━━━ Supplied data ━━━
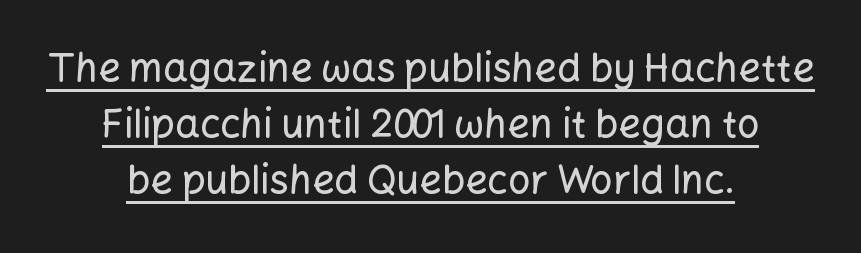
Q: Is the text italic (slanted)? A: No, it is upright.
Q: Is the typeface a serif or a sans-serif typeface? A: Sans-serif.
Q: Is the text underlined? A: Yes.
Q: How is the paragraph aligned? A: Centered.
Q: Is the spacing between letters normal or unusually wide? A: Normal.
Q: Is the spacing between lines tight, normal or loose? A: Normal.
Q: Width (condensed, normal, or wide)? A: Normal.
Q: Stroke contrast? A: Low.
Q: x-height? A: Medium.
Q: Monospaced? A: No.
━━━
▶ **What this task involves**: In your copy, include no pictures, but set down every record exactly.

▶ **Exercise response**:
Q: Is the text italic (slanted)? A: No, it is upright.
Q: Is the typeface a serif or a sans-serif typeface? A: Sans-serif.
Q: Is the text underlined? A: Yes.
Q: How is the paragraph aligned? A: Centered.
Q: Is the spacing between letters normal or unusually wide? A: Normal.
Q: Is the spacing between lines tight, normal or loose? A: Normal.
Q: Width (condensed, normal, or wide)? A: Normal.
Q: Stroke contrast? A: Low.
Q: x-height? A: Medium.
Q: Monospaced? A: No.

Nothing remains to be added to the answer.